Example 2 The thickness of the first dielectric layer was 2.00 mm by plasma CVD method.
A layer consisting of 0.0 μm of St, N4, a thickness of 5.000 μm of Zns:Tb, a thickness of the light emitting layer by high frequency sputtering method, a layer of 5.000 μm of Zns:Tb, a thickness of the insulating thin film layer of the second dielectric layer by plasma CVD method. A BL element was fabricated in the same manner as in Example 1, except that a layer of 5iffN4 with a thickness of 1,000 and a layer of Y2O with a thickness of 3,000 by electron beam evaporation were formed as semi-insulating thin film layers. A2 was produced.

Comparative Example 4 EL element B4 was produced in the same manner as in Example 2 except that the niobium oxide layer was not formed.

Comparative Example 5 The second dielectric layer was formed with a thickness of 2°000 by plasma CVD method.
EL element B5 was produced in the same manner as in Example 1 except that a single layer consisting of human St and N4 was used.
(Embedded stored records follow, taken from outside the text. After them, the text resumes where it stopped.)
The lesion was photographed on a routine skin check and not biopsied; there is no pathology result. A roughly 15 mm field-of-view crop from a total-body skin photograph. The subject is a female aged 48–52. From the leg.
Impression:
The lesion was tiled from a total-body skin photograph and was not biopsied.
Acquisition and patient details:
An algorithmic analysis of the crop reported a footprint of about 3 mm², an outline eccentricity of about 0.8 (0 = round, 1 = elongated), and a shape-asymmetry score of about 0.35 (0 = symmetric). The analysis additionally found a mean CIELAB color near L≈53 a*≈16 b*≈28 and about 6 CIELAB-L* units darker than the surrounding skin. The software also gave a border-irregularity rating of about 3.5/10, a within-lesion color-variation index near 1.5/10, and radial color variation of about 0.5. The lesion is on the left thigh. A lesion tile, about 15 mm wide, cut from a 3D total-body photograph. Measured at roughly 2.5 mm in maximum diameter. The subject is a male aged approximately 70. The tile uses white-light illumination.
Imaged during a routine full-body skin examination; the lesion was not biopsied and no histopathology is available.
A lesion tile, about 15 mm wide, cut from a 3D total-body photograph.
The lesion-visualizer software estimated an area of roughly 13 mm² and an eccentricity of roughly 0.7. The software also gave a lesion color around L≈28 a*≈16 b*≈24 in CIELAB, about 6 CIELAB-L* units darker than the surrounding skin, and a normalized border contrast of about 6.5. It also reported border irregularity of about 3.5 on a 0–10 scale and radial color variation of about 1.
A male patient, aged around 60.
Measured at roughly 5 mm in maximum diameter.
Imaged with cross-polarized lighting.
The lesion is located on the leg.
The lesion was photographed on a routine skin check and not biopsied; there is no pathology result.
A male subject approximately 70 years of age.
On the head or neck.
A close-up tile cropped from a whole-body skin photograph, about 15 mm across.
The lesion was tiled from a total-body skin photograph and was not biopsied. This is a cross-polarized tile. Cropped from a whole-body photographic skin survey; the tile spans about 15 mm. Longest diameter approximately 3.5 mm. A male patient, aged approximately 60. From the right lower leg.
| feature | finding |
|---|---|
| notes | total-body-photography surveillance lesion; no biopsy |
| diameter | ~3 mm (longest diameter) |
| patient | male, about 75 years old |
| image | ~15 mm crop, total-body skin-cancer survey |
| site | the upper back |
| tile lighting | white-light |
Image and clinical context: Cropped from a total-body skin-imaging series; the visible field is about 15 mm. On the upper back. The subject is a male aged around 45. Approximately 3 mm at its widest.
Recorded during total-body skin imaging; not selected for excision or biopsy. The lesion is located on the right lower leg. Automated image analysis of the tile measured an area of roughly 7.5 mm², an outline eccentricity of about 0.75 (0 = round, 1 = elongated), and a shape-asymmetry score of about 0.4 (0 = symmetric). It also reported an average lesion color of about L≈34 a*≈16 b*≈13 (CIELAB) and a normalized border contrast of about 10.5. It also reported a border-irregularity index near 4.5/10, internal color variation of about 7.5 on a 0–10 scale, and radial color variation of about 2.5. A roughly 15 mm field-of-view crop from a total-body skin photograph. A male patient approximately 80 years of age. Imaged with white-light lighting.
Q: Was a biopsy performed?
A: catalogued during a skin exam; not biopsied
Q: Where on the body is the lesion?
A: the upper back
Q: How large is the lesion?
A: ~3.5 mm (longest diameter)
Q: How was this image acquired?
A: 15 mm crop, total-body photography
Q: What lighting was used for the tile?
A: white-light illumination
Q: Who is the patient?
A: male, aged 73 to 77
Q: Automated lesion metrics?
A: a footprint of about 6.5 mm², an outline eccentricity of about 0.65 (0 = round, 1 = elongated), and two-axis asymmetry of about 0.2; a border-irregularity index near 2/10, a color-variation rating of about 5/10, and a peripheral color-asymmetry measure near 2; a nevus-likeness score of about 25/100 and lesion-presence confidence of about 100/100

Luminance-voltage characteristics and luminous efficiency by lK11z driving for the EL elements of the above examples and comparative examples, respectively.
The voltage characteristics were measured. The results are expressed as EL elements A1 and B1.
~B3 is shown in FIG. 2, and EL elements A2 and B4. B5
The details are shown in Figure 3. In both figures, the curve shown by a solid line is the luminance-voltage characteristic, the curve shown by a broken line is the luminous efficiency voltage characteristic, and the code of each curve corresponds to the code of the EL element.
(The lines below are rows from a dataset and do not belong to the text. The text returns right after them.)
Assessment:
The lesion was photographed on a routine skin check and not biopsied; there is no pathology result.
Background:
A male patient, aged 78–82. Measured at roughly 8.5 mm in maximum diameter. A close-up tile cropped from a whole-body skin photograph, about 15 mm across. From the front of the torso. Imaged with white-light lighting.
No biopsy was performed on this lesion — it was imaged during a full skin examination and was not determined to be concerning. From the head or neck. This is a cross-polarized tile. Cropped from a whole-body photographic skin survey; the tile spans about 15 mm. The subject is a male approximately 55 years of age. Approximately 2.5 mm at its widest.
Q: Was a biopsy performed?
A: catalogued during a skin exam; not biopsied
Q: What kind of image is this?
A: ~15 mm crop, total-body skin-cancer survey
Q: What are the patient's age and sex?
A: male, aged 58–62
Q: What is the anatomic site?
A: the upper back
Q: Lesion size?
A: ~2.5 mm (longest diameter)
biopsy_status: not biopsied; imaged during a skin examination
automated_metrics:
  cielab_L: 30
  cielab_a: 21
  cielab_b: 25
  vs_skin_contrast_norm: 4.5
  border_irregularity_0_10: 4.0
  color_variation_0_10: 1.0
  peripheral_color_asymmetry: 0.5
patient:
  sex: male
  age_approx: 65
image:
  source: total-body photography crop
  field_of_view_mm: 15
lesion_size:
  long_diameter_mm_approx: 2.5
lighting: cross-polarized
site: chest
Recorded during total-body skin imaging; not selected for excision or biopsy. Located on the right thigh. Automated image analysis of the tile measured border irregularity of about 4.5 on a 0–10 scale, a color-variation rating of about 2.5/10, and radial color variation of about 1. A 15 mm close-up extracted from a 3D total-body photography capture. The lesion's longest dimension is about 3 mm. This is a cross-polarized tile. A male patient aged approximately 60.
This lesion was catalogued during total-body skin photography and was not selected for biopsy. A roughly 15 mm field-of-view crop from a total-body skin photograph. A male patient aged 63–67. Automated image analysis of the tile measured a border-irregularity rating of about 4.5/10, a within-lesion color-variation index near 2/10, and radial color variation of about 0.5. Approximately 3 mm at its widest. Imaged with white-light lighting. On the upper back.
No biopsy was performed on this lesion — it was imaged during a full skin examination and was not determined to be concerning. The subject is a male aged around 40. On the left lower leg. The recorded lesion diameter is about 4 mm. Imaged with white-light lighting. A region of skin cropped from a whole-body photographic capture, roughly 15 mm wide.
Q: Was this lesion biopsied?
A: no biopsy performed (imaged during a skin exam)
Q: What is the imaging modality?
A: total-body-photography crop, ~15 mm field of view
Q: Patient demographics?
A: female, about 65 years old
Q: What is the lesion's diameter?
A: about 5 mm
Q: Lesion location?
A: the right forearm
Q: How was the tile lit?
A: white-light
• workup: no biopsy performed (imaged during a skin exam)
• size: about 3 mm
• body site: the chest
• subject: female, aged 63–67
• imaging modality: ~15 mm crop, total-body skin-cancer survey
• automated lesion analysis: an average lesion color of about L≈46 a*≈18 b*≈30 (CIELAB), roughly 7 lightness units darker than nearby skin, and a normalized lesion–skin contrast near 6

From the results shown in FIGS. 2 and 3, the EL elements Al and A2 according to the present invention have a low threshold voltage (Vth) for starting light emission, a fast rise in brightness, and a significantly high final brightness. It is clear that it exhibits high luminous efficiency. On the other hand, the EL elements B1 and B4, which did not have a niobium oxide layer, had a high threshold voltage for starting light emission, a slow rise in brightness, and both the final brightness and light emitting efficiency.
It can be seen that this is significantly inferior to L elements AI and A2.

Further, EL element B2. in which the dielectric layer in contact with the niobium oxide layer is a single layer. B5 and E where both thin film layers of the dielectric layer have opposite stratigraphy.
In the L element B3, the threshold voltage for starting light emission is relatively low;
It can be seen that the luminance rises quickly and reaches high luminance, but the luminous efficiency is considerably inferior to EL elements AI and A2.
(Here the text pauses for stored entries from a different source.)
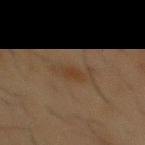  biopsy_status: not biopsied; imaged during a skin examination
  patient:
    sex: male
    age_approx: 55
  image:
    source: total-body photography crop
    field_of_view_mm: 15
  lighting: cross-polarized
  site: front of the torso
  lesion_size:
    long_diameter_mm_approx: 4.5
  automated_metrics:
    area_mm2_approx: 6.0
    eccentricity: 0.95
    shape_asymmetry: 0.35
    cielab_L: 33
    cielab_a: 13
    cielab_b: 26
    vs_skin_contrast_norm: 5.5
    color_variation_0_10: 1.5
    peripheral_color_asymmetry: 0.5
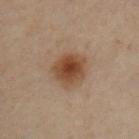Part of a total-body skin-imaging series; this lesion was reviewed on a skin check and was not flagged for biopsy.
Approximately 4 mm at its widest.
Automated tile analysis of the lesion measured a border-irregularity index near 2/10, a color-variation rating of about 4.5/10, and a peripheral color-asymmetry measure near 1.
A male patient, in their mid- to late 50s.
On the right upper arm.
A region of skin cropped from a whole-body photographic capture, roughly 15 mm wide.
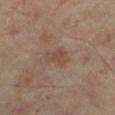{"lesion_size": {"long_diameter_mm_approx": 2.5}, "automated_metrics": {"area_mm2_approx": 4.5, "eccentricity": 0.7, "shape_asymmetry": 0.4, "cielab_L": 44, "cielab_a": 16, "cielab_b": 25, "vs_skin_darker_L": 6.0, "vs_skin_contrast_norm": 5.5}, "lighting": "cross-polarized", "image": {"source": "total-body photography crop", "field_of_view_mm": 15}, "site": "right lower leg", "patient": {"sex": "male", "age_approx": 70}}
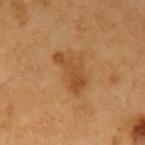The lesion was tiled from a total-body skin photograph and was not biopsied.
The lesion is on the left upper arm.
About 5 mm across.
Cropped from a total-body skin-imaging series; the visible field is about 15 mm.
A male patient aged 58 to 62.
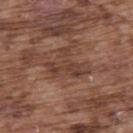This lesion was catalogued during total-body skin photography and was not selected for biopsy. A 15 mm close-up extracted from a 3D total-body photography capture. Automated image analysis of the tile measured a lesion area of about 10 mm², an outline eccentricity of about 0.7 (0 = round, 1 = elongated), and a shape-asymmetry score of about 0.6 (0 = symmetric). It also reported a normalized border contrast of about 6.5. The analysis additionally found border irregularity of about 7.5 on a 0–10 scale, a color-variation rating of about 3.5/10, and radial color variation of about 1. Located on the upper back. Approximately 5.5 mm at its widest. The tile uses white-light illumination. A male patient, approximately 75 years of age.

[Brief explanation of the drawing]

FIG. 1 is a cross-sectional view showing a structural example of an electroluminescent device according to the present invention, FIG.
The figure is a luminance 1 luminous efficiency-voltage characteristic diagram of the same elements of Example 2 and Comparative Examples 4.5. 2.7... Electrode, 3,5... Dielectric layer, 4... Light emitting layer, 5a... Insulating thin film layer, 5b... Semi-insulating thin film layer, 6... Niobium oxide layer Patent applicant: Hitachi Maxell, Ltd. (1 other person)

Claims (3)

[Claims] (1) In a double-insulated electroluminescent element in which a light-emitting layer and dielectric layers sandwiching the light-emitting layer from both sides are arranged between opposing electrodes, at least one of which is transparent,
A niobium oxide layer is formed between at least one electrode and the dielectric layer, and the dielectric layer located between the niobium oxide layer and the light emitting layer is in contact with the semi-insulating thin film layer that is in contact with the niobium oxide layer and the light emitting layer. An electroluminescent element characterized by having a two-layer structure with an insulating thin film layer. (2) Y_2O_3, Ta_2O_ in which the semi-insulating thin film layer is formed by electron beam evaporation or sputtering
3, Sm_2O_3, BaTiO_3, BaTa_2O
The electroluminescent device according to claim 1, comprising a thin film selected from _6. (3) SiO in which the insulating thin film layer is formed by electron beam evaporation, sputtering or CVD
2, Si_3N_4, Al_2O_3, AlN, SiA
The electroluminescent device according to claim 1 or 2, comprising a type of thin film selected from lON.